On 9/19/24 00:27, kernel test robot wrote:
> Hi Anshuman,
> 
> kernel test robot noticed the following build errors:
> 
> [auto build test ERROR on char-misc/char-misc-testing]
> [also build test ERROR on char-misc/char-misc-next char-misc/char-misc-linus brauner-vfs/vfs.all dennis-percpu/for-next linus/master v6.11]
> [cannot apply to akpm-mm/mm-everything next-20240918]
> [If your patch is applied to the wrong git tree, kindly drop us a note.
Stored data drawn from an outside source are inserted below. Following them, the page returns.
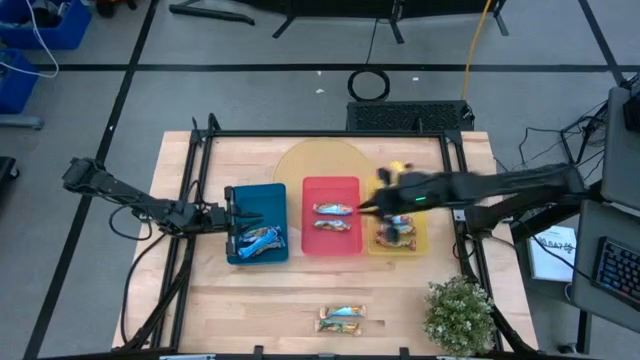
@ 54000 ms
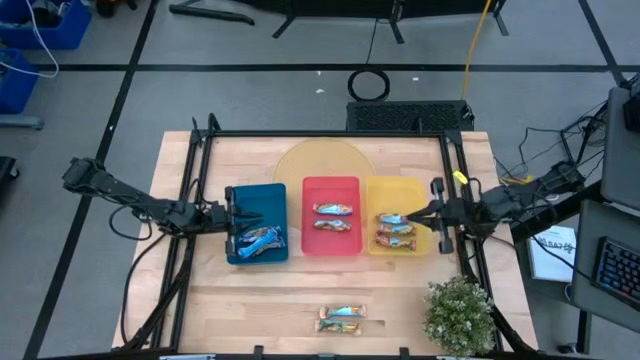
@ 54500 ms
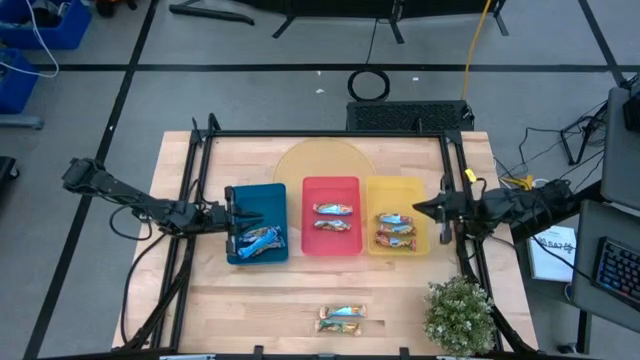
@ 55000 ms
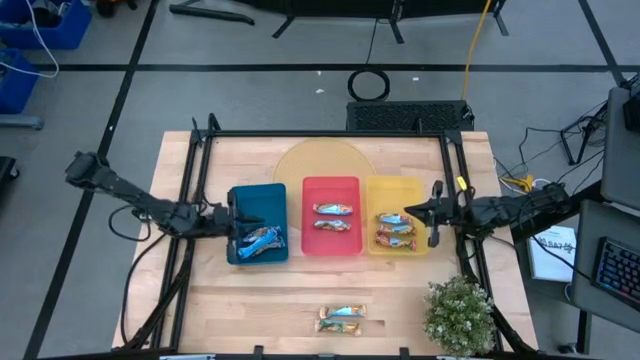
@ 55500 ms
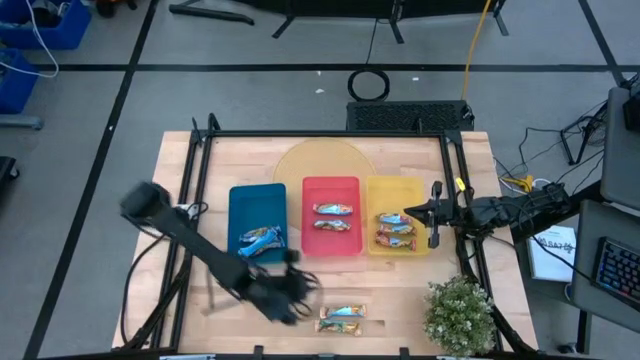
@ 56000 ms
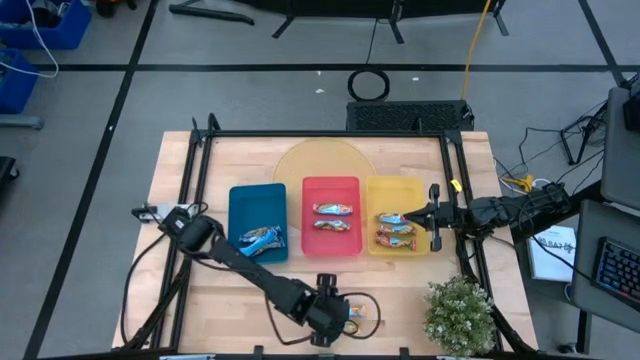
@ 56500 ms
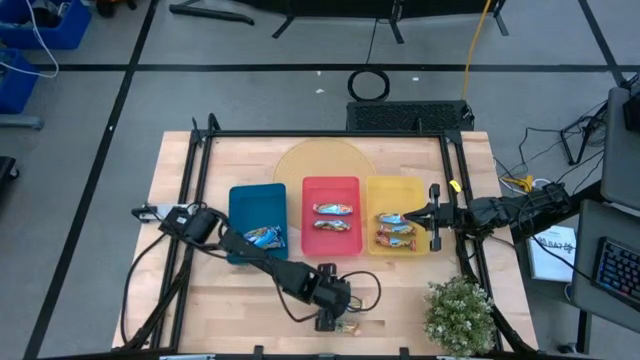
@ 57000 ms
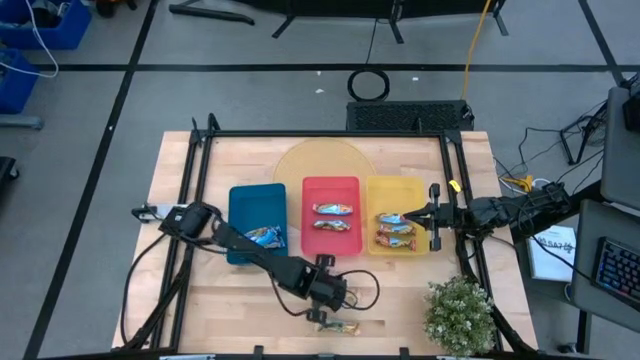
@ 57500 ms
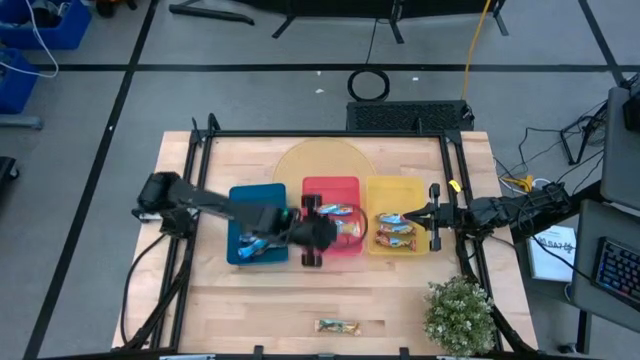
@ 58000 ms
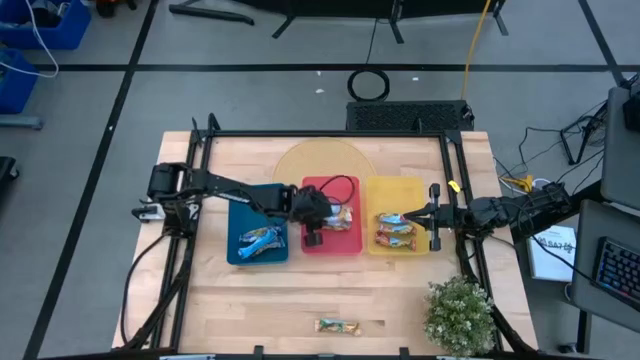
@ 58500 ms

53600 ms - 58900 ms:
Task: Pick and place Granola Bars by type
Put the top yellow granola bar into the red bin

> And when submitting patch, we suggest to use '--base' as documented in
> https://git-scm.com/docs/git-format-patch#_base_tree_information]
> 
> url:    https://github.com/intel-lab-lkp/linux/commits/Anshuman-Khandual/m68k-mm-Change-pmd_val/20240917-153331
> base:   char-misc/char-misc-testing
> patch link:    https://lore.kernel.org/r/20240917073117.1531207-5-anshuman.khandual%40arm.com
> patch subject: [PATCH V2 4/7] mm: Use pmdp_get() for accessing PMD entries
> config: um-allnoconfig (https://download.01.org/0day-ci/archive/20240919/202409190205.YJ5gtx3T-lkp@intel.com/config)
> compiler: clang version 17.0.6 (https://github.com/llvm/llvm-project 6009708b4367171ccdbf4b5905cb6a803753fe18)
> reproduce (this is a W=1 build): (https://download.01.org/0day-ci/archive/20240919/202409190205.YJ5gtx3T-lkp@intel.com/reproduce)
> 
> If you fix the issue in a separate patch/commit (i.e. not just a new version of
> the same patch/commit), kindly add following tags
> | Reported-by: kernel test robot <lkp@intel.com>
> | Closes: https://lore.kernel.org/oe-kbuild-all/202409190205.YJ5gtx3T-lkp@intel.com/
> 
> All errors (new ones prefixed by >>):
> 
>    In file included from mm/pgtable-generic.c:10:
>    In file included from include/linux/pagemap.h:11:
>    In file included from include/linux/highmem.h:12:
>    In file included from include/linux/hardirq.h:11:
>    In file included from arch/um/include/asm/hardirq.h:5:
>    In file included from include/asm-generic/hardirq.h:17:
>    In file included from include/linux/irq.h:20:
>    In file included from include/linux/io.h:14:
>    In file included from arch/um/include/asm/io.h:24:
>    include/asm-generic/io.h:548:31: warning: performing pointer arithmetic on a null pointer has undefined behavior [-Wnull-pointer-arithmetic]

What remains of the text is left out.